* **Directions for this task**:
Copy every line of the records that includes the word "olen".

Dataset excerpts
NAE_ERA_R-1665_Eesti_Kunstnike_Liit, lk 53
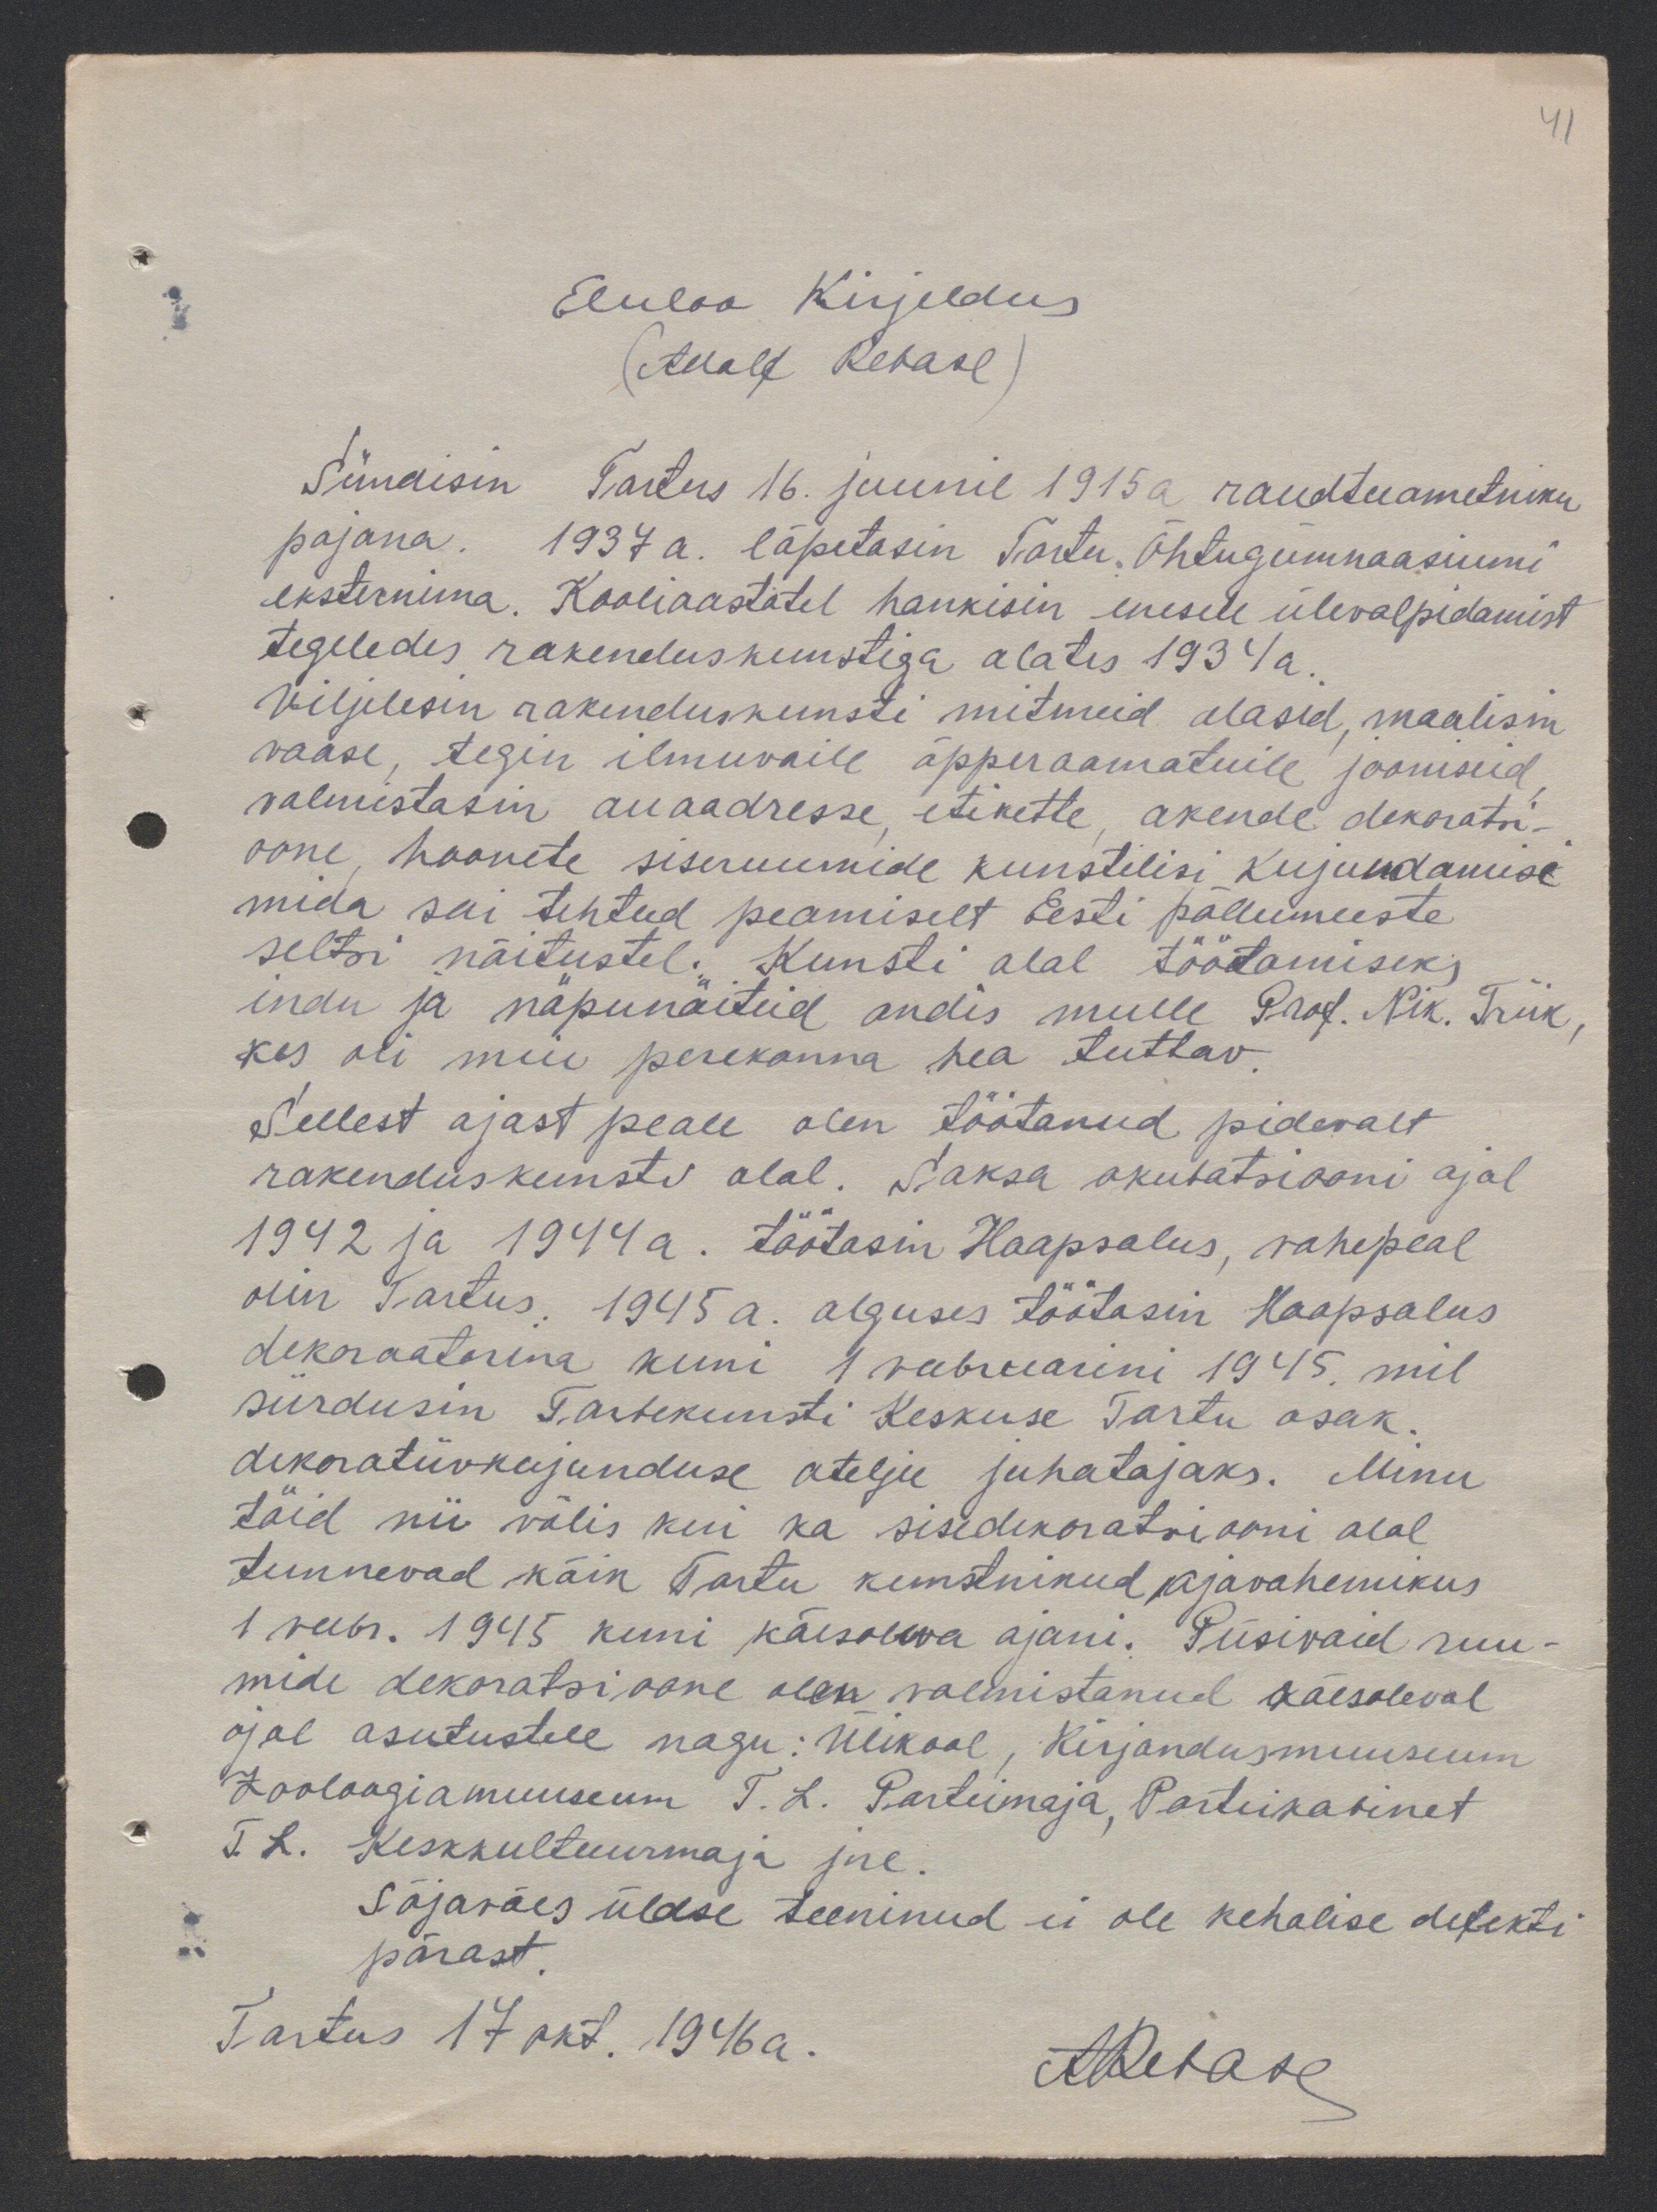
41

Eluloo Kirjeldus
(Adolf Rebase)
Sündisin Tartus 16. juunil 1915a raudteeametniku
pojana. 1937 a. lõpetasin Tartu Õhtugümnaasiumi
eksternima. Kooliaastatel hankisin enesele ülevalpidamist
tegeledes rakenduskunstiga alates 1934 a.
Viljelesin rakenduskunsti mitmeid alasid, maalisin
vaase, tegin ilmuvaile õpperaamatuile jooniseid,
valmistasin auaadresse, etikette, akende dekoratsi-
oone, hoonete siseruumide kunstilisi kujundamisi
mida sai tehtud peamiselt Eesti põllumeeste
seltsi näitustel. Kunsti alal töötamiseks
indu ja näpunäiteid andis mulle Prof. Nik. Triik,
kes oli meie perekonna hea tuttav.
Sellest ajast peale olen töötanud pidevalt
rakenduskunsti alal. Saksa okupatsiooni ajal
1942 ja 1944 a. töötasin Haapsalus, vahepeal
olin Tartus. 1945 a. alguses töötasin Haapsalus
dekoraatorina kuni 1 veebruarini 1945, mil
siirdusin Tarbekunsti Keskuse Tartu osak.
dekoratiivkujunduse ateljee juhatajaks. Minu
töid nii välis kui ka sisedekoratsiooni alal
tunnevad kõik Tartu kunstnikud ajavahemikus
1 veebr. 1945 kuni käesoleva ajani. Püsivaid ruu-
mide dekoratsioone olen valmistanud käesoleval
ajal asutustele nagu: Ülikool, Kirjandusmuuseum
Zooloogiamuuseum T. L. Parteimaja, Parteikabinet
T.L. Keskkultuurmaja jne.
Sõjaväes üldse teeninud ei ole kehalise defekti
pärast.
Tartus 17 okt. 1946a.
ARebase
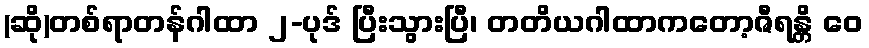
(ဆို)တစ်ရာတန်ဂါထာ ၂-ပုဒ် ပြီးသွားပြီ၊ တတိယဂါထာကတော့ဇီရန္တိ ဝေ
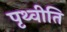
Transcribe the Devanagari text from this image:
पृथ्वीति
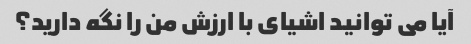
آیا می توانید اشیای با ارزش من را نگه دارید؟
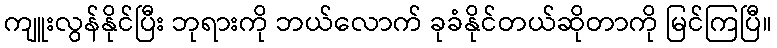
ကျူးလွန်နိုင်ပြီး ဘုရားကို ဘယ်လောက် ခုခံနိုင်တယ်ဆိုတာကို မြင်ကြပြီ။
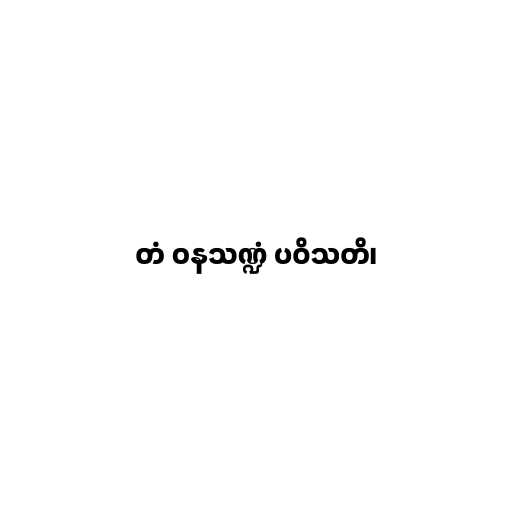
တံ ဝနသဏ္ဍံ ပဝိသတိ၊
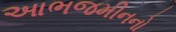
આભજમીનનો
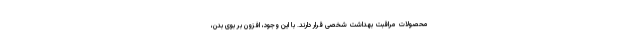
محصولات مراقبت بهداشت شخصی قرار دارند. با این وجود، افزون بر بوی بدن،
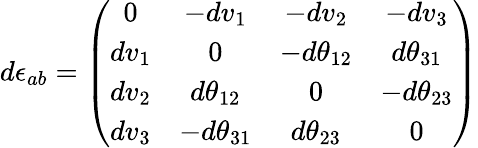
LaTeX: d\epsilon_{ab}=\left(\begin{array}{cccc}{{0}}&{{-dv_{1}}}&{{-dv_{2}}}&{{-dv_{3}}}\\ {{dv_{1}}}&{{0}}&{{-d\theta_{12}}}&{{d\theta_{31}}}\\ {{dv_{2}}}&{{d\theta_{12}}}&{{0}}&{{-d\theta_{23}}}\\ {{dv_{3}}}&{{-d\theta_{31}}}&{{d\theta_{23}}}&{{0}}\end{array}\right)
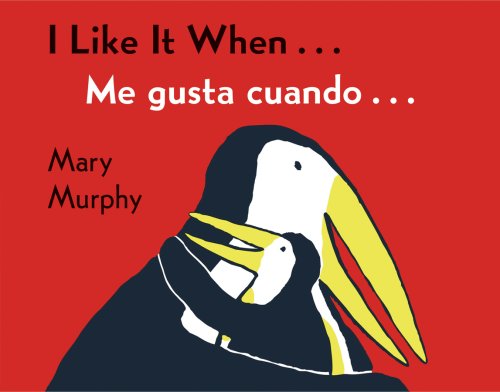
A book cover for I Like It When . . . /Me gusta cuando . . .; Mary Murphy; Children's Books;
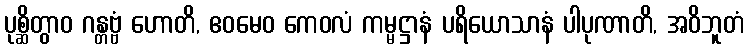
ပုစ္ဆိတွာဝ ဂန္တဗ္ဗံ ဟောတိ, ဧဝမေဝ ကေဝလံ ကမ္မဋ္ဌာနံ ပရိယောသာနံ ပါပုဏာတိ, အဝိဘူတံ
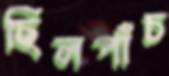
ছিলপাঁচ
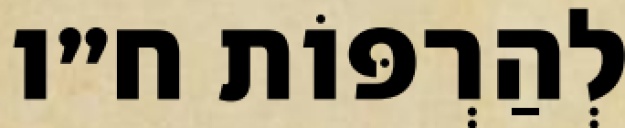
לְהַרְפּוֹת ח״ו
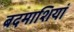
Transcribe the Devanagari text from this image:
बदमाशियां
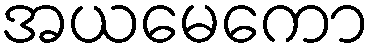
အယမေကော
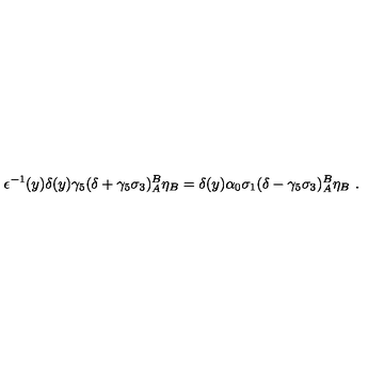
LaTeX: \epsilon ^ { - 1 } ( y ) \delta ( y ) \gamma _ { 5 } ( \delta + \gamma _ { 5 } \sigma _ { 3 } ) _ { A } ^ { B } \eta _ { B } = \delta ( y ) \alpha _ { 0 } \sigma _ { 1 } ( \delta - \gamma _ { 5 } \sigma _ { 3 } ) _ { A } ^ { B } \eta _ { B } \ .
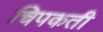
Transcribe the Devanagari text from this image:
चिपकती
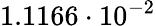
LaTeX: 1.1166\cdot 10^{-2}
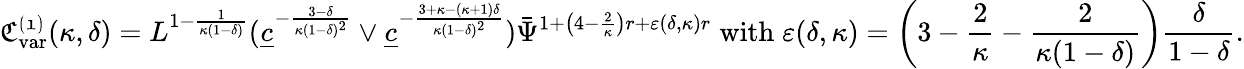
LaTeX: \mathfrak{C_{\mathrm{var}}^{(1)}}(\kappa,\delta)=L^{1-\frac{1}{\kappa(1-\delta)}}(\underline{{c}}^{-\frac{3-\delta}{\kappa(1-\delta)^{2}}}\vee\underline{{c}}^{-\frac{3+\kappa-(\kappa+1)\delta}{\kappa(1-\delta)^{2}}})\bar{\Psi}^{1+\left(4-\frac{2}{\kappa}\right)r+\varepsilon(\delta,\kappa)r}\; \textnormal{with}\; \varepsilon(\delta,\kappa)=\left(3-\frac{2}{\kappa}-\frac{2}{\kappa(1-\delta)}\right)\frac{\delta}{1-\delta}.
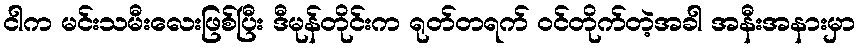
ငါက မင်းသမီးလေးဖြစ်ပြီး ဒီမုန်တိုင်းက ရုတ်တရက် ဝင်တိုက်တဲ့အခါ အနီးအနားမှာ
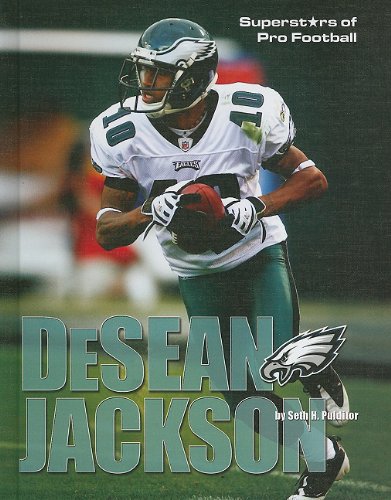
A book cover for Desean Jackson (Superstars of Pro Football); Seth H. Pulditor; Teen & Young Adult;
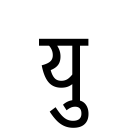
OCR:
यु
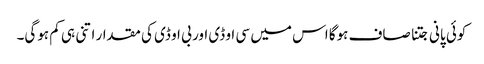
کوئی پانی جتنا صاف ہوگا اس میں سی او ڈی اور بی او ڈی کی مقدار اتنی ہی کم ہوگی۔
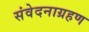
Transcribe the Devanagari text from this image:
संवेदनाग्रहण
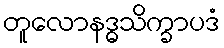
တူလောနဒ္ဓသိက္ခာပဒံ
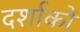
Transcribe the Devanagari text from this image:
दर्शाकों
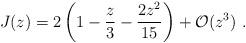
LaTeX: \begin{align*}J(z) = 2 \left( 1 - \frac{z}{3} - \frac{2 z^{2}}{15} \right) + {\cal O}(z^{3}) \ . \end{align*}
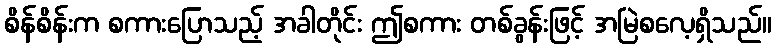
စိန်စိန်းက စကားပြောသည့် အခါတိုင်း ဤစကား တစ်ခွန်းဖြင့် အမြဲစလေ့ရှိသည်။
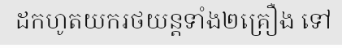
ដកហូតយករថយន្តទាំង២គ្រឿង ទៅ
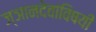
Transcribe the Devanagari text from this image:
ज्ञानदेवांविषयी
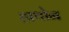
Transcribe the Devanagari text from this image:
हाथोन
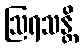
ဩရသန္တိ

* **Result of this exercise**:
Sellest ajast peale olen töötanud pidevalt
mide dekoratsioone olen valmistanud käesoleval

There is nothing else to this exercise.